In [1]:
import itertools as itt
import biomappings
from collections import Counter
import pandas as pd

In [17]:
positive_mappings = biomappings.load_mappings()
print(f"There are {len(positive_mappings):,} positive mappings")

There are 8,560 positive mappings


In [18]:
negative_mappings = biomappings.load_false_mappings()
print(f"There are {len(negative_mappings):,} negative mappings")

There are 1,122 negative mappings


In [20]:
predicted_mappings = biomappings.load_predictions()
print(f"There are {len(predicted_mappings):,} predicted mappings")
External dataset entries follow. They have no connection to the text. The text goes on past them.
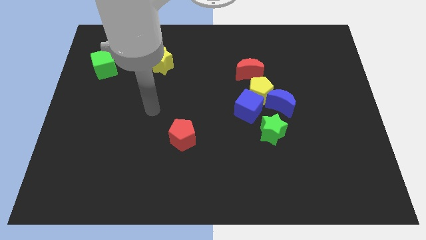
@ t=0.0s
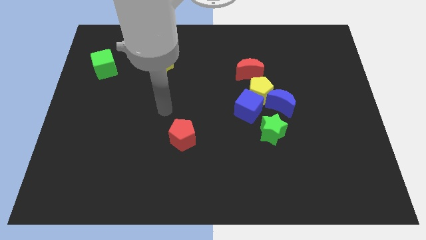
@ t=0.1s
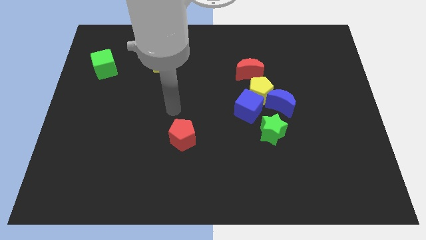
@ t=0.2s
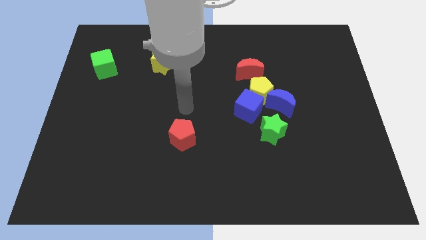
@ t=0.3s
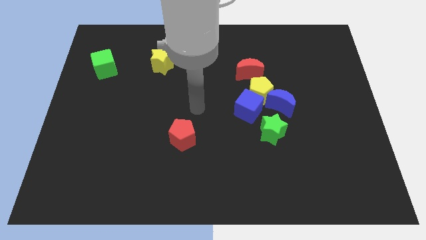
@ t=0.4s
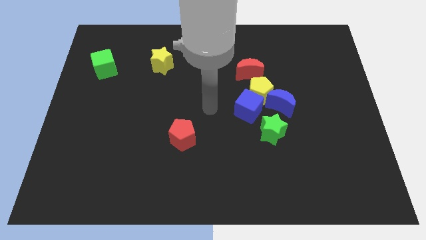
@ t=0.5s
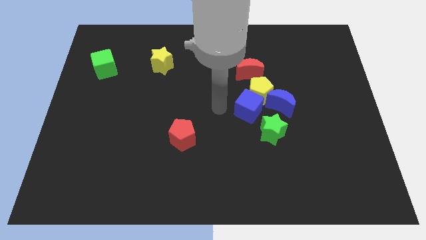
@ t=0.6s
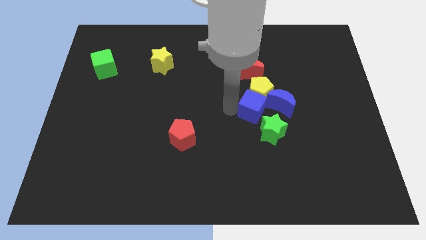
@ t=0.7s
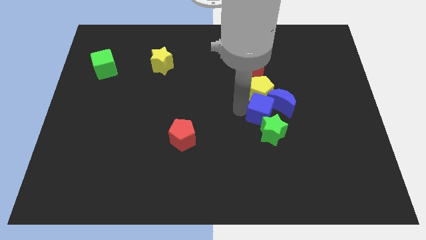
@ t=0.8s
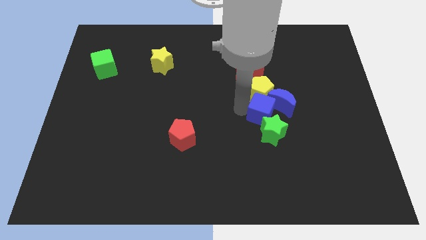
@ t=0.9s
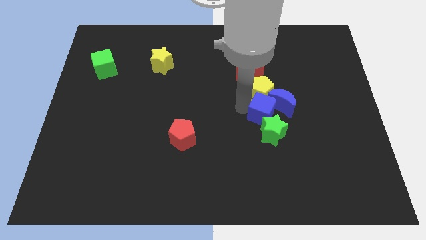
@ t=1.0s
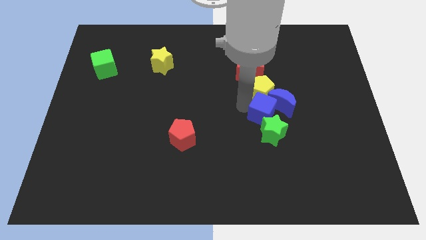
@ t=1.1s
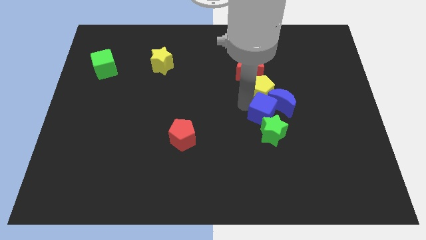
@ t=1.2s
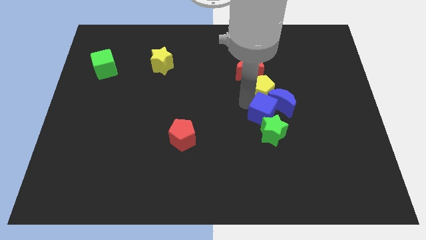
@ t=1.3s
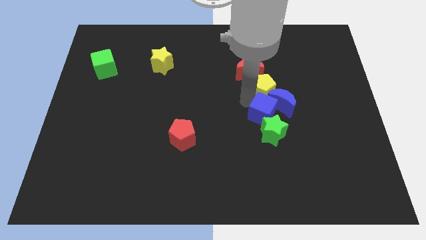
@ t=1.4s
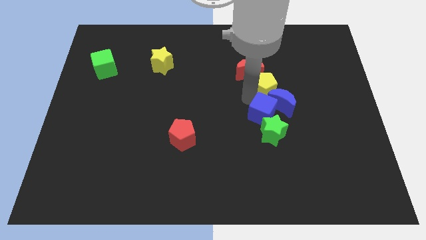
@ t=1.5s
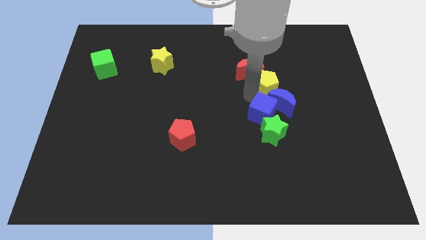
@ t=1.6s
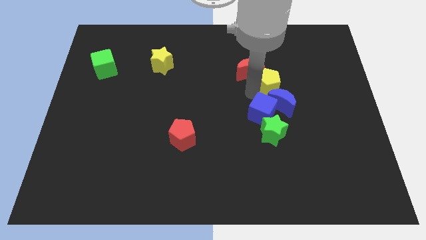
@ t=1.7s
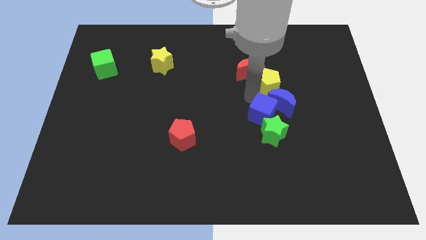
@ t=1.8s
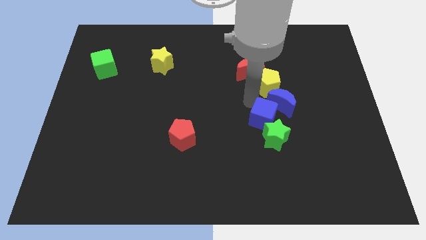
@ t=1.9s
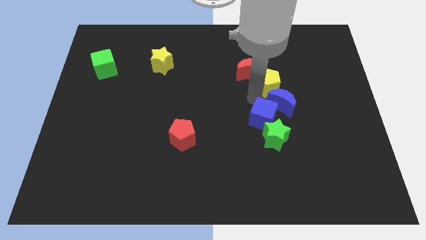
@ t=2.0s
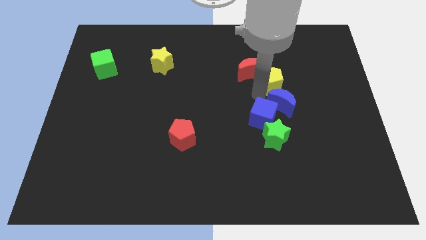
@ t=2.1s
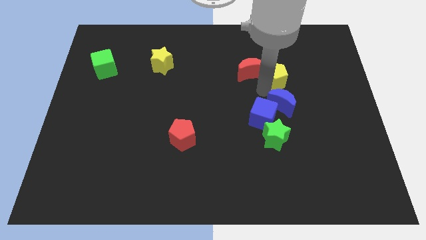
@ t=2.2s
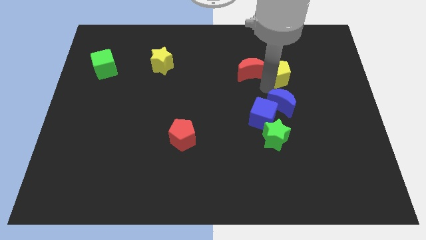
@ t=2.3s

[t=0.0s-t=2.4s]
slide the yellow pentagon up and to the right diagonally a bit

There are 41,178 predicted mappings


In [26]:
def source_target_counter(mappings) -> Counter:
    return Counter(
        tuple(sorted((mapping["source prefix"], mapping["target prefix"])))
        for mapping in mappings
    )

In [28]:
keyed_mappings = [
    ("positive", positive_mappings), 
    ("negative", negative_mappings),
    ('predicted', predicted_mappings),
]

# Biased Measurement of Precision

There are two kinds of mappings we'll consider:

1. Manually curated positive (i.e., correct) mappings. These correspond to true positives.
2. Manually curated negative (i.e., incorrect) mappings. These correspond to false positives.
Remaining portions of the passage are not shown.